Three steps to help secure your finances in 2022
As we launch into the new year, here are three steps investors can consider to help improve their financial health in 2022.
1) Take note of increased retirement contribution limits
For those utilizing 401(k), 403(b), and most 457 retirement plans, you can now elect to contribute employee deferrals of $20,500 in 2022 [1], up from $19,500 in 2021. The total limit for employer and employee contributions to 401(k) and 403(b) plans, which include company match and after-tax contributions, will increase to $61,000 in 2022, up from $58,000 in 2021.
If you're looking to contribute the maximum, check with your benefits provider and make sure the appropriate percentages are withdrawn from your paycheck so your money can compound earlier.
For employers offering both Roth 401(k) and traditional 401(k) options, consider weighing towards one plan based on your current versus expected future tax brackets. For example, younger employees in lower tax brackets may benefit from skewing contributions towards the Roth 401(k) and switching over towards the traditional 401(k) later on.
2) Watch out for excess cash
As per our recent contribution in the Wall Street Journal, Americans are holding an astonishing $1.6 trillion in "excess savings" [2]. At the same time, market valuations remain high after a strong 2021, with the S&P 500 returning 26.9% for the year. Overall, investors feel paralyzed as they may be holding extra cash out of fear of dipping in this expensive and potentially more volatile environment.
While holding cash may feel safe in the short term, it causes a drag on returns while also losing purchasing power, particularly with inflation recently running at its highest level since 1982 [3]. So by definition, each dollar kept under the proverbial (or literal!) mattress is losing value each year due to rising costs for things like groceries, rent, restaurants, and gasoline.
While investors may be apprehensive about investing in today's markets, it's important to have a clear plan for the long term.
By setting aside the right amount of cash towards what's needed for emergency funds and short term goals, investors can more comfortably allocate their remaining funds in a long term diversified portfolio.
Working with a fiduciary advisor can help quantify the right amount of cash to set aside and design a portfolio that’s tailored to meet your objectives.
3) Prepare for rising rates
With supply chain issues and labor shortages putting consistent pressure on inflation, it may be prudent to prepare for a higher interest rate environment.
Indeed, there are three rate increases expected in 2022 from the current 0-0.25% target [4], which can drive heightened market volatility in the near term. Investors allocated heavily in tech may have noticed the sector's underperformance year to date (as of January 2022), given the sector is typically more sensitive to higher interest rates.
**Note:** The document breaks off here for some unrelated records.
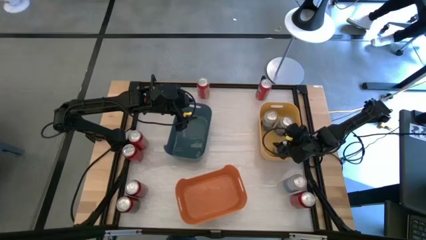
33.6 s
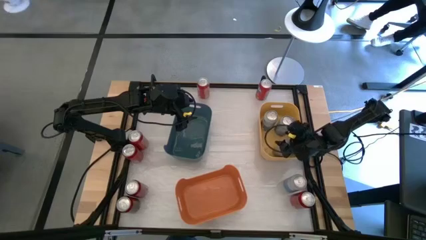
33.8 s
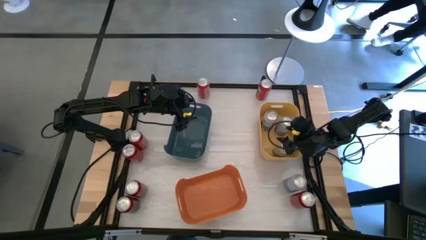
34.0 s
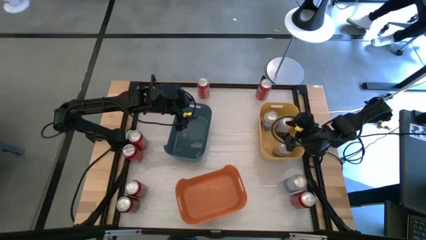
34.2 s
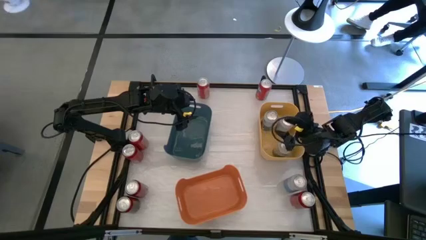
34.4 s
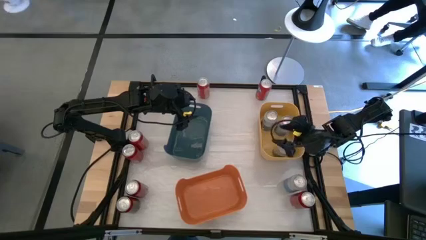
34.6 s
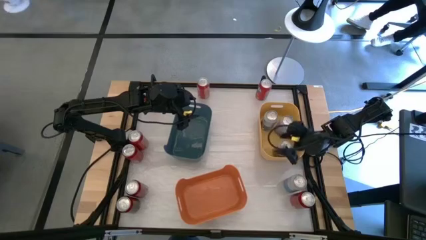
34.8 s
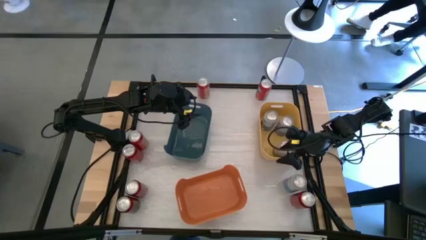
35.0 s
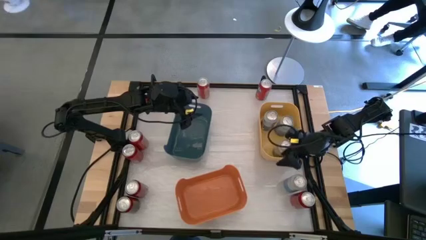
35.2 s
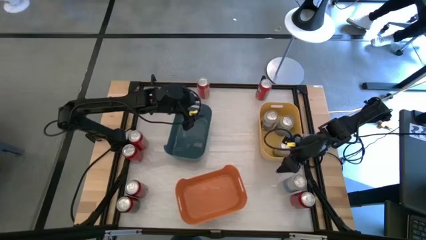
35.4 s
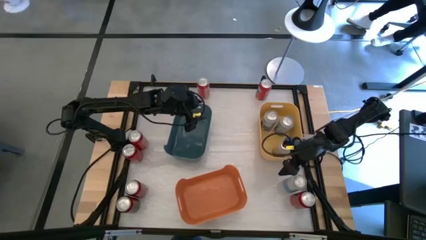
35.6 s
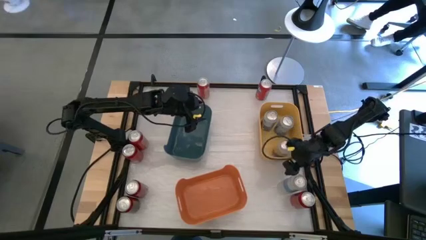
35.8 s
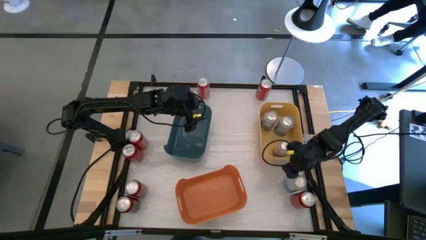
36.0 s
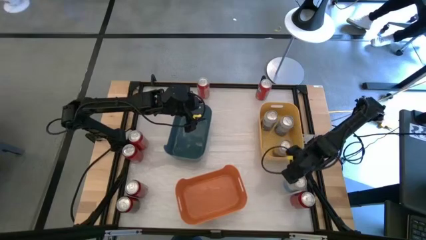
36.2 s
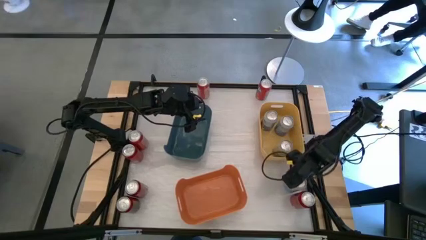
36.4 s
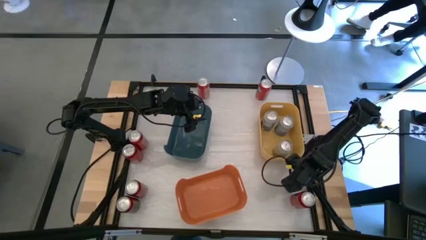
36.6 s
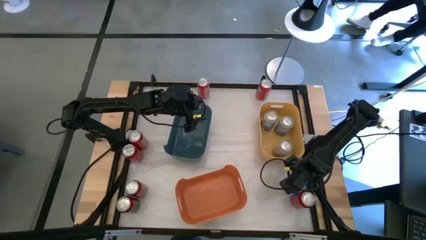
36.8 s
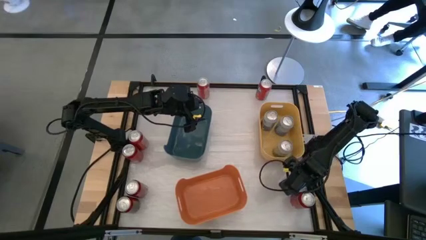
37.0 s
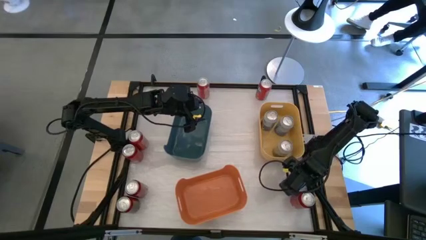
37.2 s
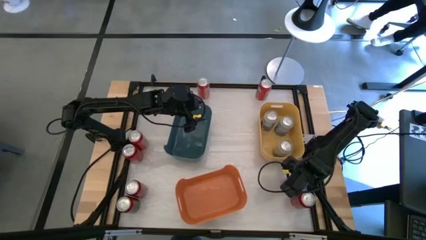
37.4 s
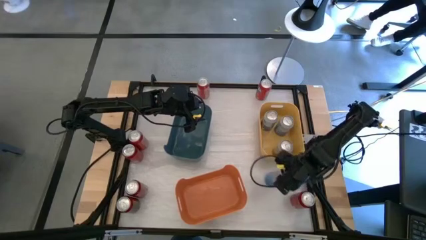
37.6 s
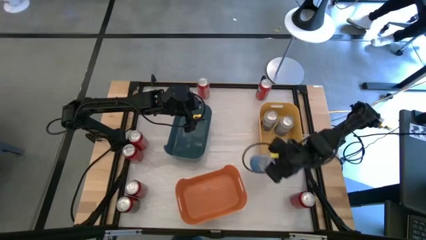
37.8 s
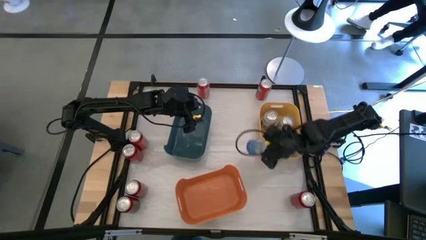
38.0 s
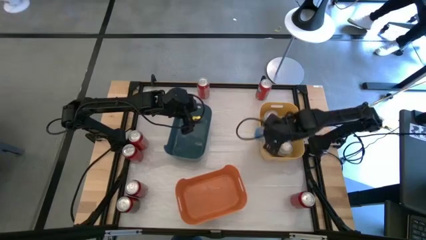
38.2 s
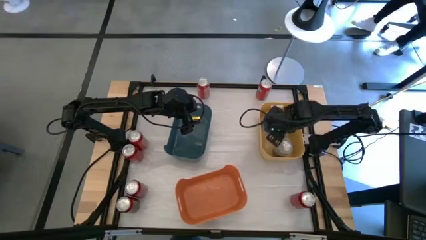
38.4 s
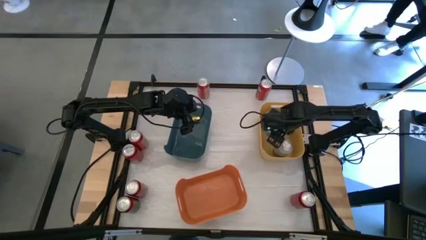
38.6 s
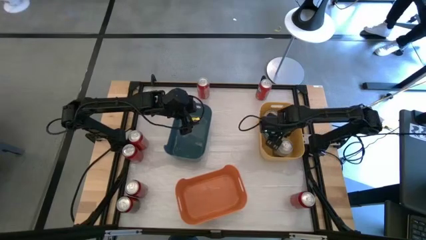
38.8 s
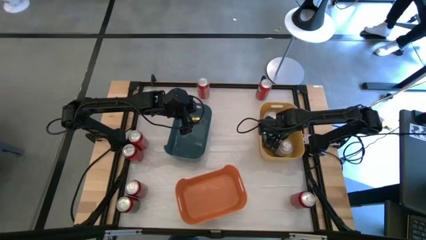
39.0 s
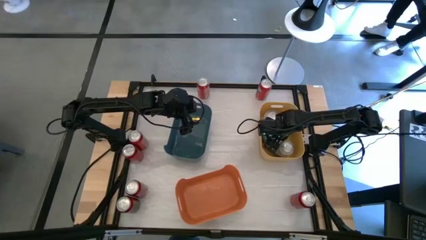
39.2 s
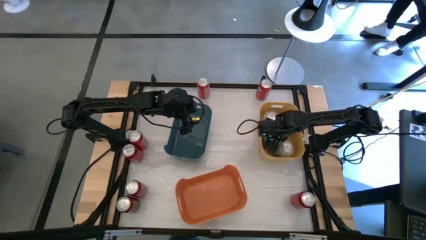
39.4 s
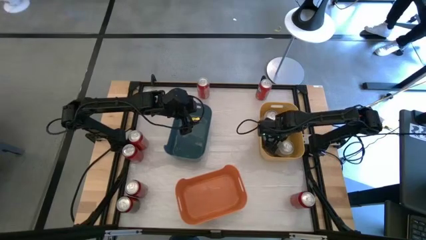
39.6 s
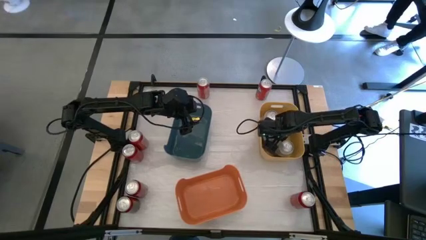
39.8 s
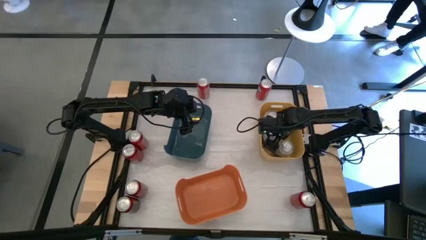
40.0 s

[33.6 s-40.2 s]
Task: Sort soda cans
Put the white soda can into the yellow bin

While it is difficult to fully predict where interest rates will ultimately end up, building a portfolio that can withstand different economic conditions is paramount for long term success.
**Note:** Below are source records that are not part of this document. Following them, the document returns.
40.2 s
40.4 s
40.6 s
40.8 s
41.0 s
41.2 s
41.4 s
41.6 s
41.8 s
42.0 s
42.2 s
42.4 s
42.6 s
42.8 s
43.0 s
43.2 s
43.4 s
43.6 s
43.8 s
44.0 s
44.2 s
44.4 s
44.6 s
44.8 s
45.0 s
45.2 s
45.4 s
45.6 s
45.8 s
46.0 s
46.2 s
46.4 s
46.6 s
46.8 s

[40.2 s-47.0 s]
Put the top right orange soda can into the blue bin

For example, having an allocation to real assets and floating rate fixed income can help counter the forces of inflation and rising rates, while also adding diversification to portfolios.
Additionally, shorter duration bonds may provide further insulation given that longer maturity fixed income investments are generally more sensitive to rate changes.
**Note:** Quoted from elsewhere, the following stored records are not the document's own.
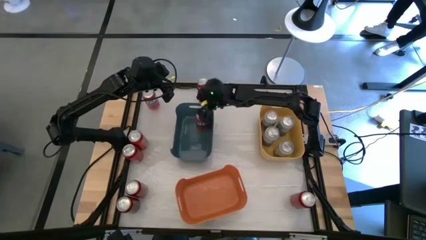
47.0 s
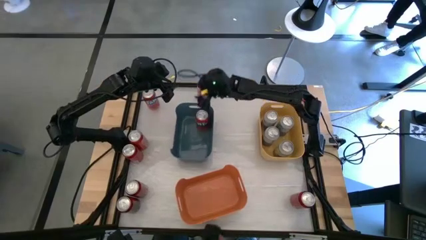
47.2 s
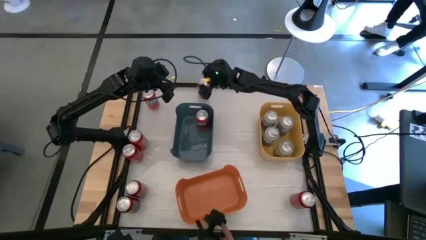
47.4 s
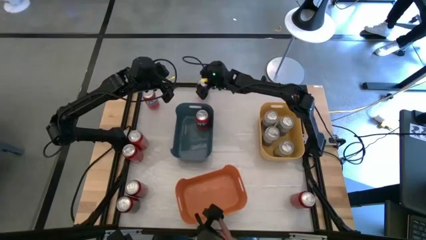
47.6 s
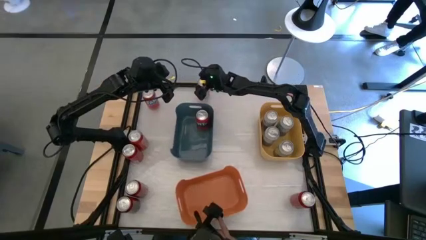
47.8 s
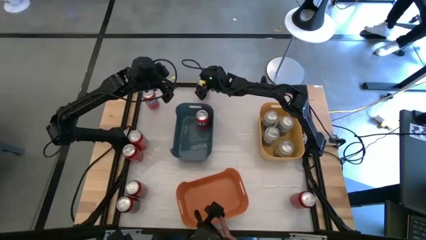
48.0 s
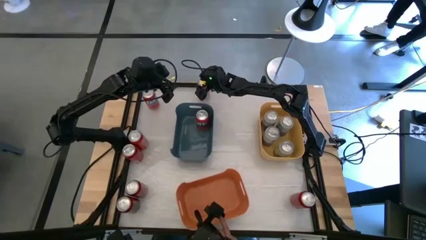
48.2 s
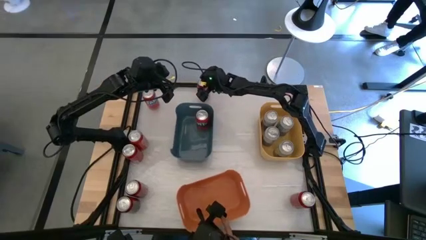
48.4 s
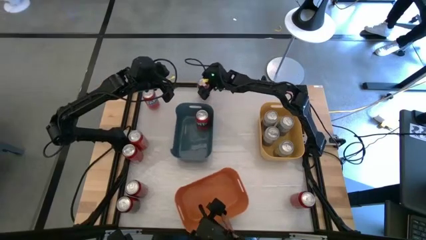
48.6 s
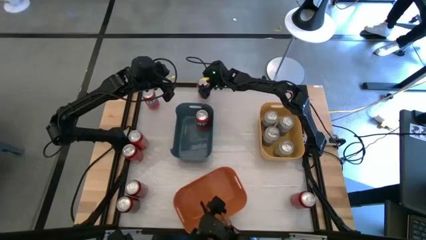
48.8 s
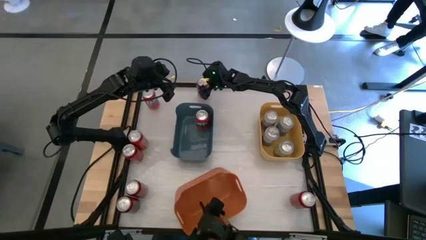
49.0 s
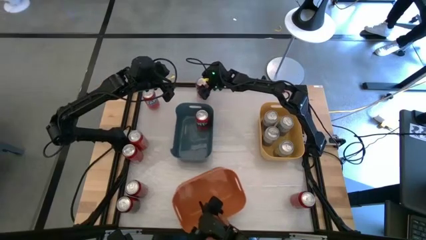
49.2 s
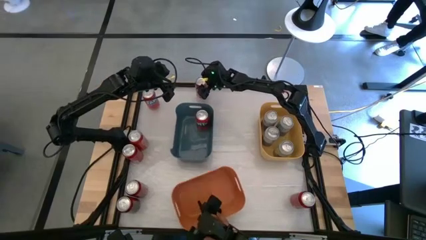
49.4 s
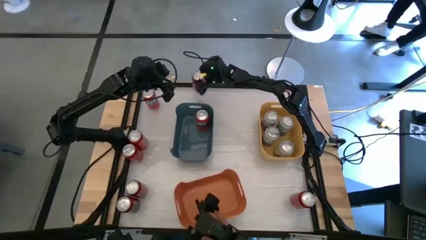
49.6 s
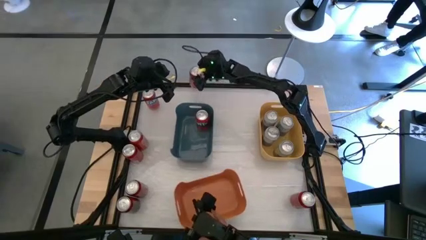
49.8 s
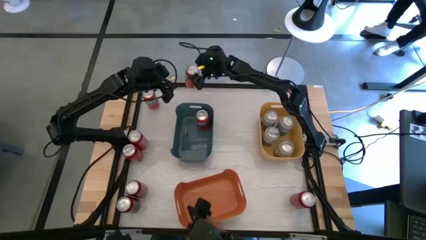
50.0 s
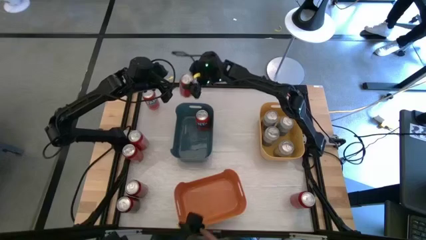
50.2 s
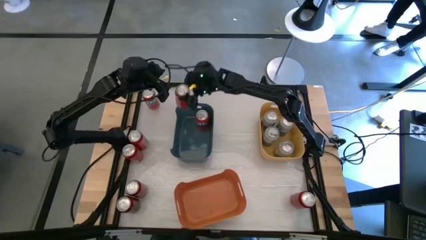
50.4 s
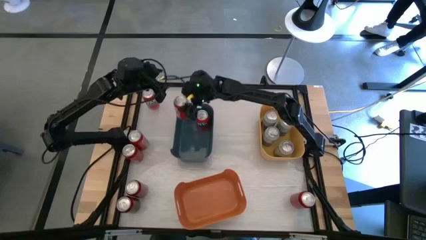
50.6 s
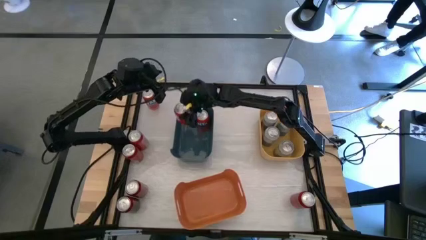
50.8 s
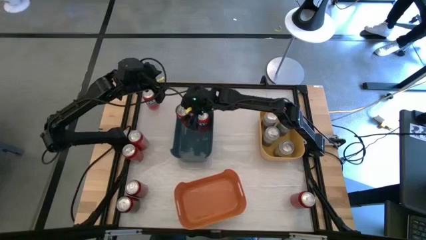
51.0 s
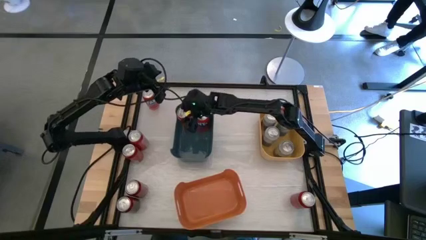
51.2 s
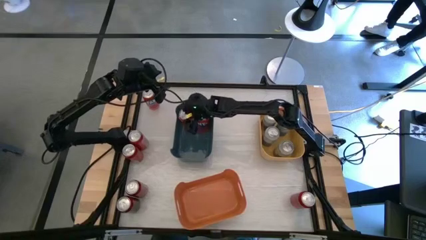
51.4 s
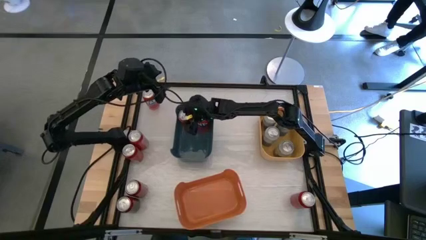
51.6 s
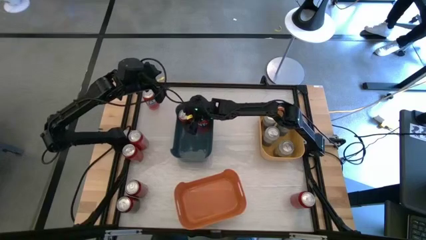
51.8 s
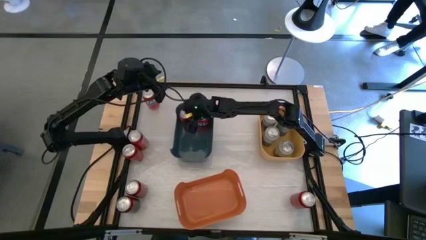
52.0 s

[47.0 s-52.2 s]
Put the top right orange soda can into the blue bin

The Series I US savings bond is another option to consider as it provides a way to put cash aside that adjusts with inflation, which we wrote about here.
[1] IRS, Retirement Topics - 401(k) and Profit-Sharing Plan Contribution Limits
[2] Wall Street Journal, ‘People Want to Start Spending Again and Inflation Is Ruining It’ (Jan 2022)
[3] Bureau of Economic Analysis, Personal Income and Outlays. (Nov 2021)
[4] Federal Reserve Summary of Economic Projections (Dec 2021)
Disclaimer: The article is for informational purposes only and is not intended to be used as a general guide to investing or financial planning, or as a source of any specific recommendations, and makes no implied or express recommendations concerning the manner in which any individual’s investments or assets should or would be handled, as appropriate strategies depend upon each individual’s specific objectives. Opinions expressed in this article are current opinions, which are not reliable as fact, as of the date appearing in this article only and are subject to change. For a comprehensive review of your personal situation, please consult with a financial or tax advisor.